Pictures are to be left out. Return exactly the lines below from the one with "The image shows 50" up to and including the one with "Q: Width (condensed, normal, or".
----- Source data
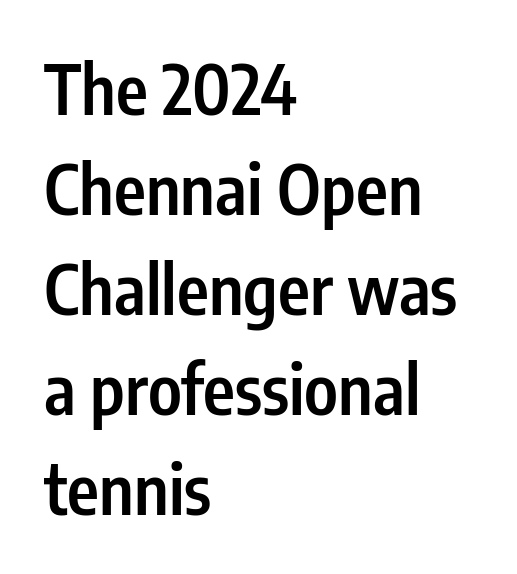
{"serif": "no", "italic": "no", "bold": "semi", "weight": "semibold", "width": "condensed", "stroke_contrast": "low", "x_height": "medium", "monospaced": "no", "underline": "no", "align": "left", "line_spacing": "normal", "line_spacing_ratio": 1.47, "letter_spacing": "normal", "letter_spacing_em": 0.0, "glyph_px": 68}
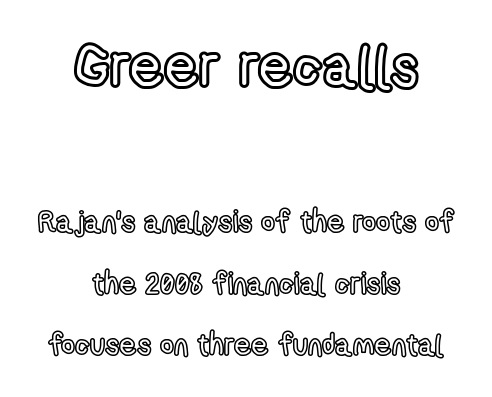
The image shows 60 px condensed type, upright; set centered, loose line spacing (2.04x), normal letter spacing, not underlined; the first (top) block is 2.0x larger; a medium x-height.
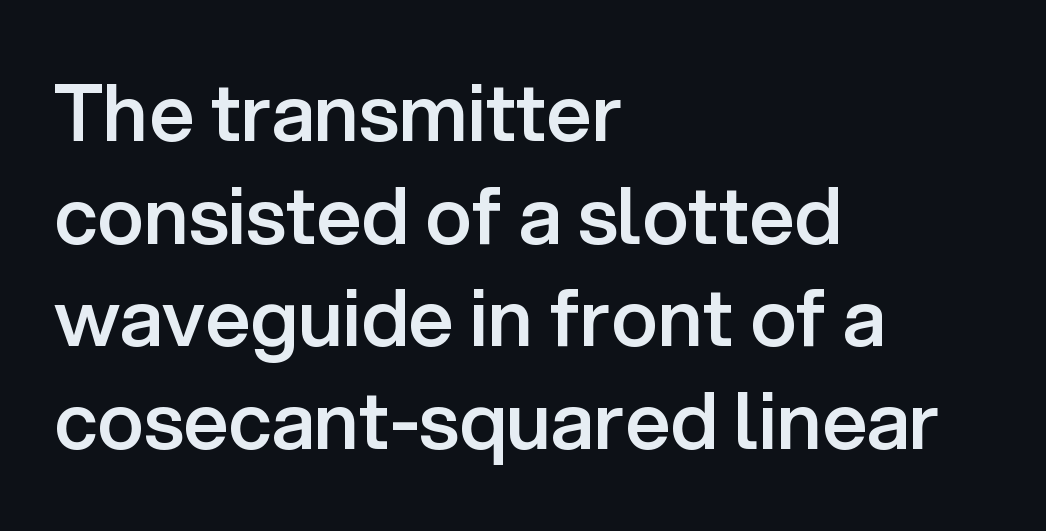
The image shows 79 px semibold sans-serif type, upright; set left-aligned, normal line spacing (1.3x), normal letter spacing, not underlined; low stroke contrast and a medium x-height.
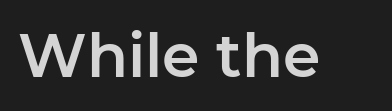
The image shows 60 px sans-serif type, upright; set normal letter spacing, not underlined; low stroke contrast and a medium x-height.
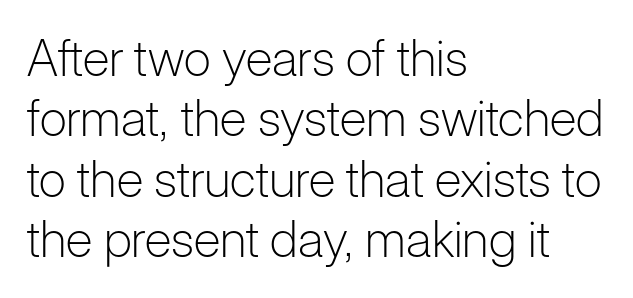
The image shows 50 px light sans-serif type, upright; set left-aligned, line spacing 1.21x, normal letter spacing, not underlined; low stroke contrast and a medium x-height.
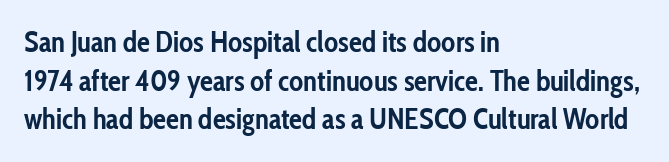
Leading matches the norm, producing a regular column. A bare baseline throughout the passage. Look at the tracking — it's just the regular setting, nothing added. These lines were composed using upright roman letters. Alignment: flush left. Every letter is thick-stroked: bold, no question.
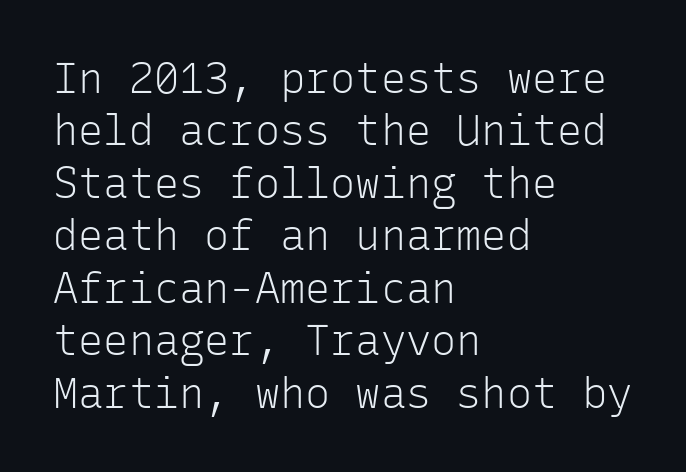
The image shows 42 px light sans-serif type, upright, monospaced; set left-aligned, normal line spacing (1.25x), normal letter spacing, not underlined; low stroke contrast and a medium x-height.
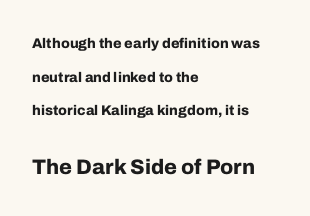
{"italic": "no", "bold": "yes", "underline": "no", "align": "left", "line_spacing": "loose", "line_spacing_ratio": 2.41, "letter_spacing": "normal", "letter_spacing_em": 0.0, "larger_block": "second", "size_ratio": 1.5, "glyph_px": 21}
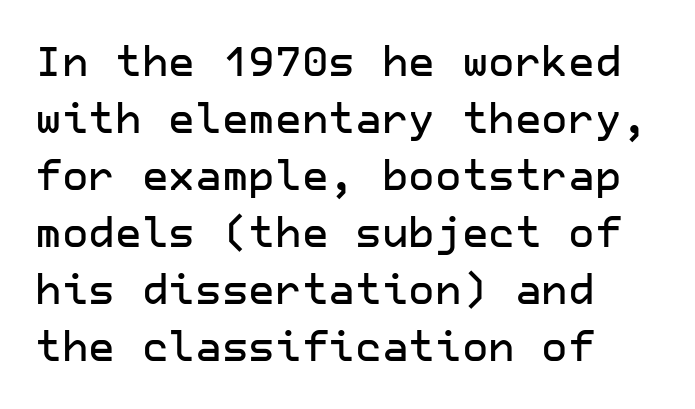
Q: Is the text italic (slanted)? A: No, it is upright.
Q: Is the typeface a serif or a sans-serif typeface? A: Sans-serif.
Q: Is the text underlined? A: No.
Q: How is the paragraph aligned? A: Left-aligned.
Q: Is the spacing between letters normal or unusually wide? A: Normal.
Q: Is the spacing between lines tight, normal or loose? A: Normal.
Q: Width (condensed, normal, or wide)? A: Normal.
Q: Stroke contrast? A: Low.
Q: x-height? A: Medium.
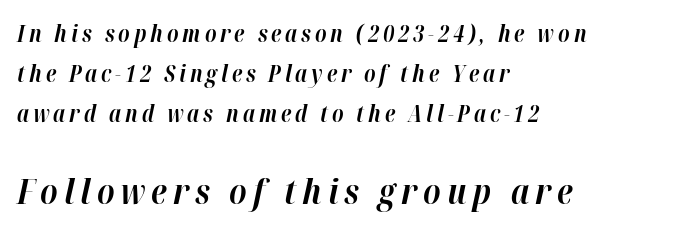
The image shows 35 px bold type, italic (leaning right); set left-aligned, line spacing 1.75x, not underlined; the second (bottom) block is 1.52x larger; high stroke contrast and a medium x-height.
----------
▶ [Solution for this exercise]
The image shows 50 px light sans-serif type, upright; set left-aligned, line spacing 1.21x, normal letter spacing, not underlined; low stroke contrast and a medium x-height.
Leading matches the norm, producing a regular column. A bare baseline throughout the passage. Look at the tracking — it's just the regular setting, nothing added. These lines were composed using upright roman letters. Alignment: flush left. Every letter is thick-stroked: bold, no question.
The image shows 42 px light sans-serif type, upright, monospaced; set left-aligned, normal line spacing (1.25x), normal letter spacing, not underlined; low stroke contrast and a medium x-height.
{"italic": "no", "bold": "yes", "underline": "no", "align": "left", "line_spacing": "loose", "line_spacing_ratio": 2.41, "letter_spacing": "normal", "letter_spacing_em": 0.0, "larger_block": "second", "size_ratio": 1.5, "glyph_px": 21}
Q: Is the text italic (slanted)? A: No, it is upright.
Q: Is the typeface a serif or a sans-serif typeface? A: Sans-serif.
Q: Is the text underlined? A: No.
Q: How is the paragraph aligned? A: Left-aligned.
Q: Is the spacing between letters normal or unusually wide? A: Normal.
Q: Is the spacing between lines tight, normal or loose? A: Normal.
Q: Width (condensed, normal, or wide)? A: Normal.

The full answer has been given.